Can you be fined when your car was speeding but you weren’t driving?

Most speeding offences are dealt with by fixed charge notices, a form of speeding ticket you get in the post. If you fill out the form and send a the fine to the Garda fixed charge processing office you receive 3 penalty points on your licence. If you do not, you will have to go to court and, if convicted, will receive 5 penalty points and a fine.

A surprising number of things can go wrong between your car being detected and the deadline for returning the fixed charge notice passing (see our “5 tips for dealing with driving offences” on this point). If you don’t pay the fine (€80) within 28 days of the notice you have another 28 days to pay, but at a higher fine (€120). The number of penalty points (3) does not increase at this stage. After 56 days nothing can be done – a summons is on its way and you will have to deal with the offence in court.

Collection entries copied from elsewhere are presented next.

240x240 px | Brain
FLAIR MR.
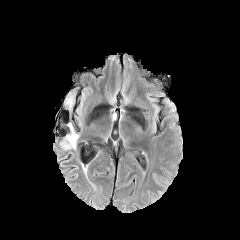
T1-weighted MRI.
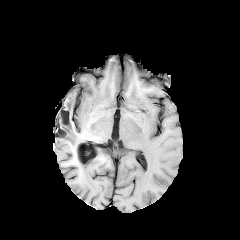
Post-contrast T1-weighted magnetic resonance.
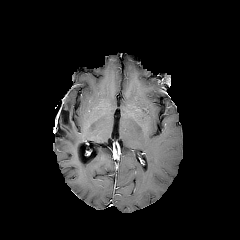
T2-weighted magnetic resonance.
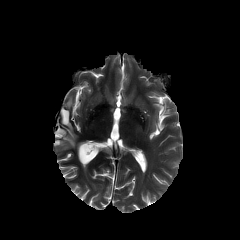
Edema — x1=76 y1=92 x2=85 y2=115, x1=64 y1=93 x2=75 y2=110, x1=59 y1=122 x2=79 y2=150.
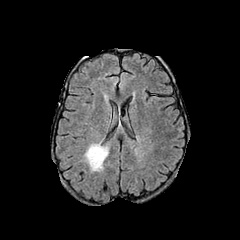
FLAIR MR image.
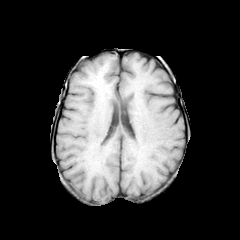
T1-weighted MR of the same slice.
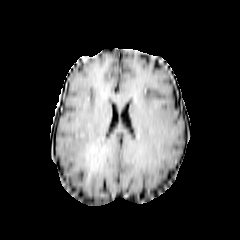
Post-contrast T1-weighted magnetic resonance.
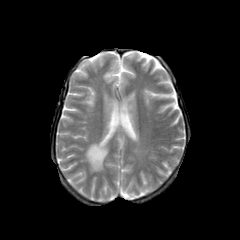
T2-weighted magnetic resonance.
Head
Findings:
• non-enhancing tumor core: region(90, 147, 107, 170)
• edema: region(83, 138, 109, 173)
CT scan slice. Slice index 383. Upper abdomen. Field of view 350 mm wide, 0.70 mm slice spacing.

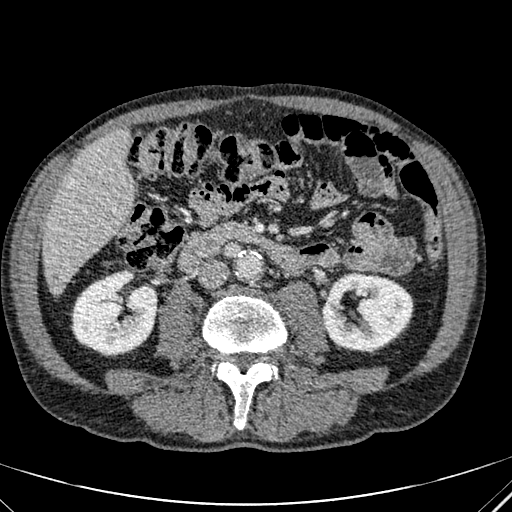
Kidney at {"x1": 323, "y1": 274, "x2": 412, "y2": 350}, {"x1": 73, "y1": 272, "x2": 156, "y2": 353}.
Liver at {"x1": 43, "y1": 132, "x2": 132, "y2": 293}.
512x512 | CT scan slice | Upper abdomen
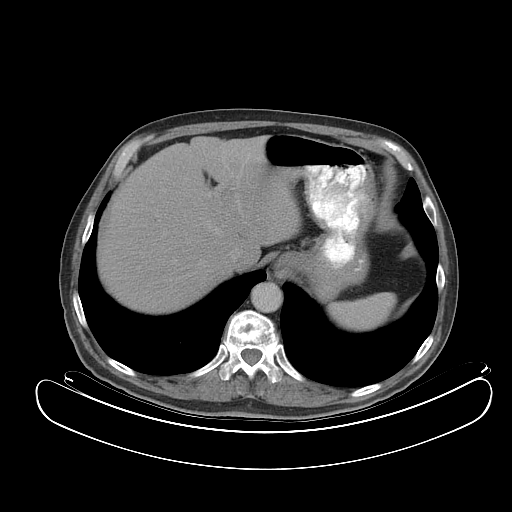 Segmented structures:
• spleen: [x1=330, y1=294, x2=393, y2=330]
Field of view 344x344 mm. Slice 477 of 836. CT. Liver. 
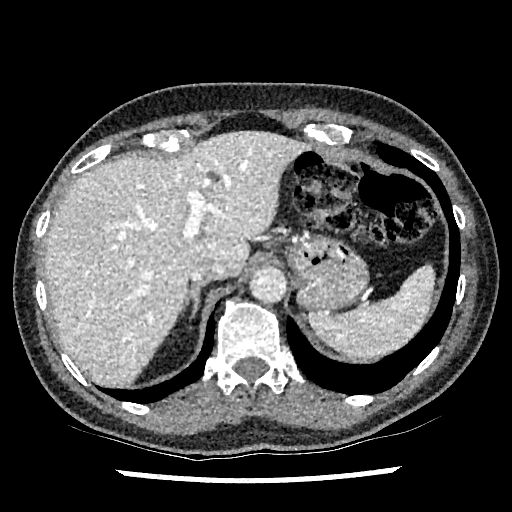 Liver — [44, 131, 307, 385].
Focal liver lesion — [207, 172, 219, 181].
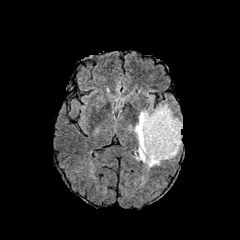
FLAIR MR image.
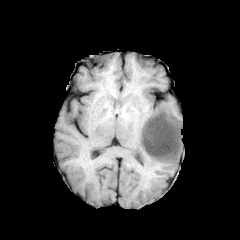
Same slice, T1-weighted MR.
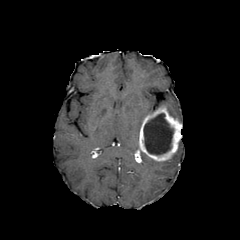
Post-contrast T1-weighted MR image of the same slice.
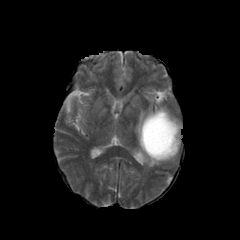
Same slice, T2-weighted MR.
240x240 px; Head
<segmentation>
  <enhancing_tumor>(left=138, top=105, right=182, bottom=162)</enhancing_tumor>
  <non-enhancing_tumor_core>(left=144, top=114, right=172, bottom=154)</non-enhancing_tumor_core>
  <edema>(left=142, top=154, right=163, bottom=169), (left=131, top=107, right=157, bottom=148)</edema>
</segmentation>
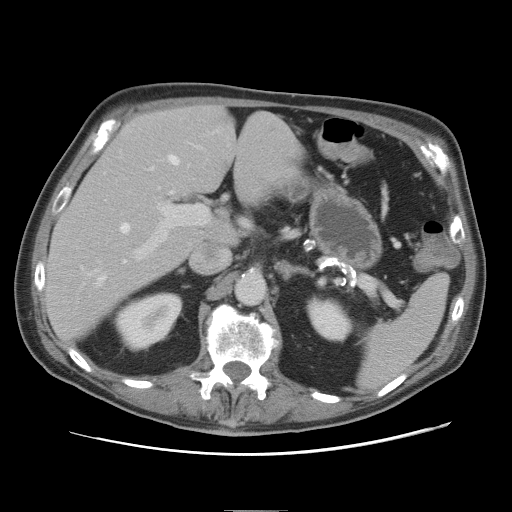 CT slice
The vessel annotation is not exhaustive.
{"hepatic_vessel": ["(left=201, top=221, right=207, bottom=224)", "(left=135, top=204, right=209, bottom=259)", "(left=97, top=276, right=104, bottom=285)", "(left=124, top=260, right=126, bottom=262)", "(left=97, top=270, right=98, bottom=272)", "(left=81, top=267, right=83, bottom=269)", "(left=150, top=167, right=153, bottom=170)", "(left=199, top=147, right=201, bottom=148)", "(left=121, top=224, right=130, bottom=232)", "(left=169, top=155, right=179, bottom=164)", "(left=170, top=191, right=173, bottom=194)", "(left=193, top=256, right=194, bottom=258)"]}
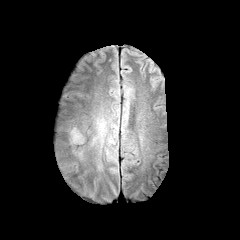
FLAIR MRI.
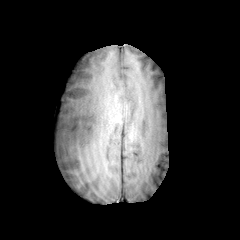
T1-weighted magnetic resonance.
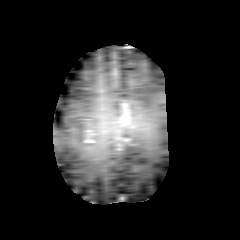
Same slice, post-contrast T1-weighted magnetic resonance.
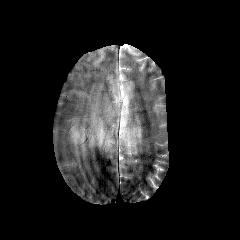
T2-weighted MR of the same slice.
240x240
The edema appears at [72, 128, 79, 141].
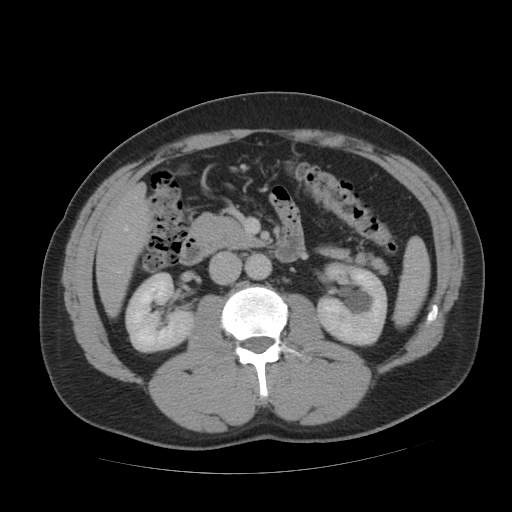 Computed tomography
Some hepatic vessels may have no box.
Hepatic vessel = box=[123, 225, 128, 231].
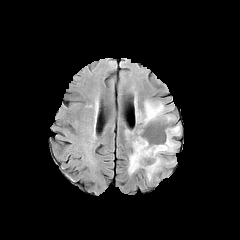
FLAIR MR.
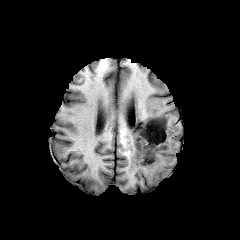
Same slice, T1-weighted MR image.
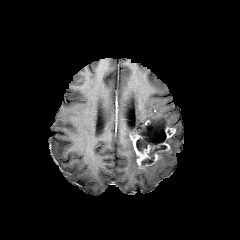
Post-contrast T1-weighted MRI.
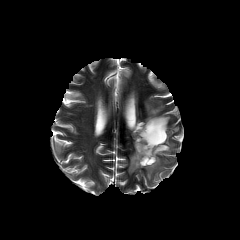
Same slice, T2-weighted magnetic resonance.
Head; Image size 240x240
Non-enhancing tumor core at l=136, t=120, r=170, b=165.
Enhancing tumor at l=132, t=134, r=150, b=165; l=166, t=128, r=175, b=137.
Edema at l=136, t=101, r=173, b=127; l=128, t=137, r=176, b=179; l=172, t=126, r=179, b=136.
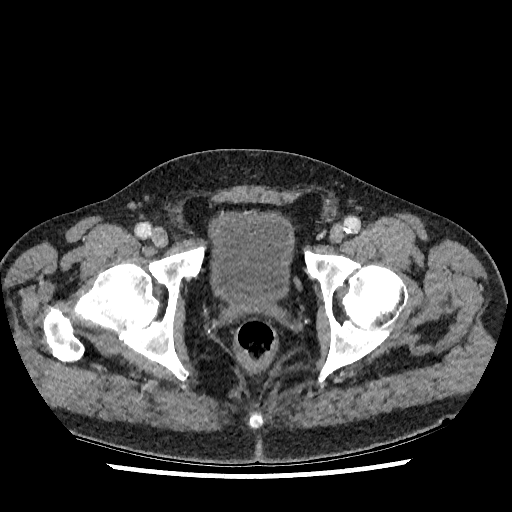
CT slice; Lower abdomen

{
  "urinary_bladder": [
    "(208, 210, 294, 309)"
  ]
}
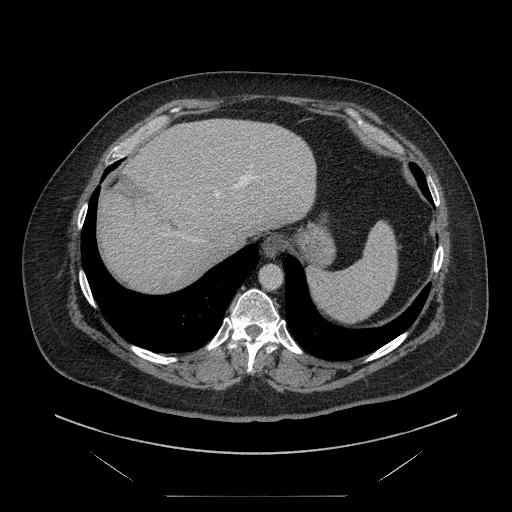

One difficulty in the system arises for car owners who were not driving at the time their car was detected speeding. This can easily happen, for example, when a family member drives a parent’s car. The owner receives the fixed charge notice and must then nominate the driver by completing the form and returning it to the Gardaí. A new fixed charge notice issues to the driver. But beware: the owner can only nominate the driver within the first 28 days. During the second 28 days the registered owner is the only person who pay the fine, thereby accepting 3 penalty points on their licence.

There are often understandable and genuine reasons why the driver wasn’t nominated or where the driver was nominated in the second 28 day period but the nomination was rejected. Traditionally these have often been treated as “strict liability” offences – if the registered owner fails to nominate the driver (s)he will be fined and must take the penalty points.

The High Court decided late last year (McHugh v. District Judge Browne [2015] IEHC 709) that this is not correct. Rather, if the judge hearing the case is satisfied that the registered owner was not driving they cannot be convicted of speeding. According to Mr Justice White:

If the [hearing judge] relies only on the failure of the registered owner to complete and return the form designating the driver on the date and time in question, to convict then it has erred.

Therefore, adequate evidence that the registered owner was not driving will result in the case being dismissed. However, it is important to note that there is a separate, specific criminal offence of failing to nominate the correct driver.